L’abus d’Etat nuit gravement à la santé
La chaîne de télévision française Planète+ a consacré une récente soirée à un reportage en plusieurs épisodes sur les «tueurs de la République». On a beau avoir déjà lu et entendu toutes ces informations, on n’en reste pas moins frappé par la désinvolture avec laquelle la grande république voisine, tout au long de son histoire moderne, a mené (et mène certainement encore) des campagnes d’assassinats ciblés à l’encontre de ses «ennemis», «neutralisés» en dehors du territoire français et en dehors de toute procédure judiciaire.
On parle évidemment d’individus peu sympathiques et peu recommandables, généralement des terroristes éliminés en représailles de leurs actes. Mais quand on pense aux eaux troubles et aux affaires louches dans lesquelles ont toujours pataugé les «services» de l’Etat français, quand on voit comment les «forces de l’ordre», en France, sont détournées de leur mission pour devenir des gardes prétoriennes du pouvoir, quand on voit aussi le mépris habituel des élites politiques de l’Hexagone pour la sécurité de leurs concitoyens et leur désintérêt envers la pérennité de leur pays, on devine que certains de ces assassinats ordonnés aux plus hauts niveaux de l’Etat «pour la sécurité de la France et des Français» n’ont pas forcément une motivation aussi morale qu’on le prétend.

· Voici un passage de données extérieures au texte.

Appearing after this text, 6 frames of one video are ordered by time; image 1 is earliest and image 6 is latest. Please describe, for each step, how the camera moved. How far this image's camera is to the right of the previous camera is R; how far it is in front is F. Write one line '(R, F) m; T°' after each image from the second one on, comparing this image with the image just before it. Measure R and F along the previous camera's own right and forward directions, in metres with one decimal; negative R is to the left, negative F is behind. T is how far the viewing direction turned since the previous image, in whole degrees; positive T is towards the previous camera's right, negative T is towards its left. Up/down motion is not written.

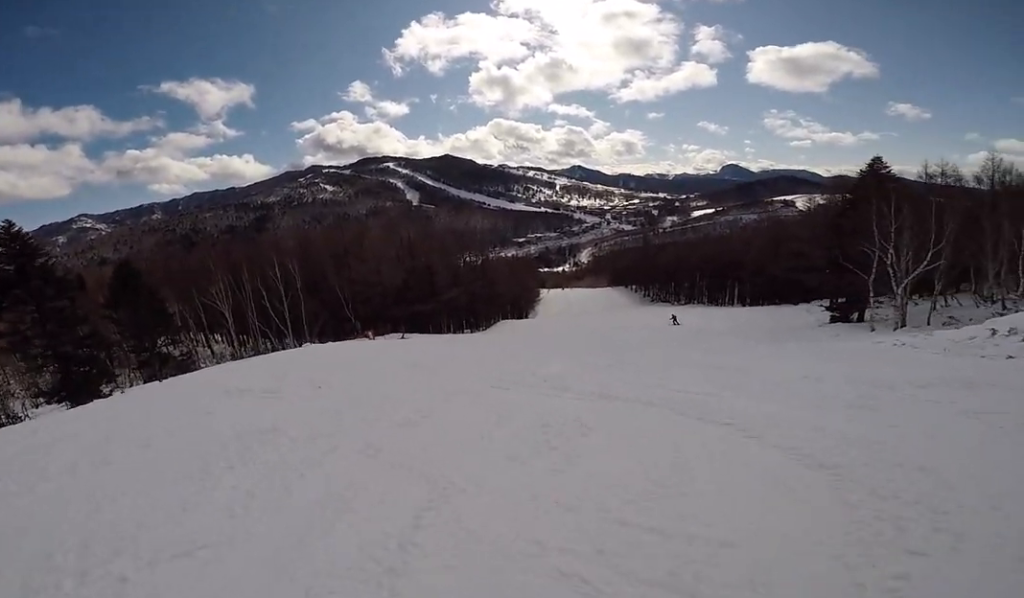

Et puis, on sourit légèrement lorsque la «raison d’Etat» est présentée comme une zone d’ombre inévitable et acceptable dans les seuls régimes démocratiques. En quoi l’élimination des ennemis des présidents français est-elle plus légitime que celle des adversaires de Vladimir Poutine ou de Kim Jong-un? En réalité, les grandes puissances occidentales (les Américains et les Anglais sont probablement très en avance sur les Français) font exactement ce qu’elles condamnent avec fermeté chez leurs adversaires. (On parle ici d’assassinats politiques, mais on pourrait en dire autant en matière de crimes de guerre.) La seule différence est que, comme on le sait, «les nôtres» agissent pour le Bien cependant que «les autres» sont au service du Mal.
Ces reportages sur les «tueurs de la République» ont le mérite de mettre en évidence des attitudes très différentes au cours de ces dernières décennies. On apprend que Jacques Chirac, dont on s’est beaucoup moqué, mais qui a sans doute été le dernier véritable chef d’Etat français, était défavorable aux assassinats politiques, par principe, mais aussi par méfiance envers les manipulations, erreurs ou ratages de ses services secrets; et également par une volonté toute gaullienne de se démarquer de la politique américaine et des morts qu’elle laisse dans son sillage. A l’opposé, Nicolas Sarkozy se comportera ensuite comme un pion de Washington (ce qui rend d’autant plus louables ses récentes déclarations sur la Russie, si tant est qu’elles soient sincères). Quant à François Hollande, dit Flamby, avec son air de petit notable de province besogneux et craintif, on le découvre paradoxalement en enragé du dézingage à tout va, alignant un tableau de chasse à faire pâlir un tueur en série.
On n’imagine guère cela en Suisse. Bien sûr, on ne peut pas exclure qu’il y ait eu une fois ou l’autre un petit «accident»; mais dans un petit pays doté d’une structure fédérale, avec un pouvoir réparti entre vingt-six cantons et une présidence de la Confédération réduite à sa plus simple expression, le risque est faible. Et les journalistes qui adorent critiquer la complexité helvétique feraient bien de se demander si, tout compte fait, ils n’y vivent pas plus en sécurité que dans un beau grand Etat centralisé où le sommet du pouvoir élimine qui il veut, discrètement et à discrétion.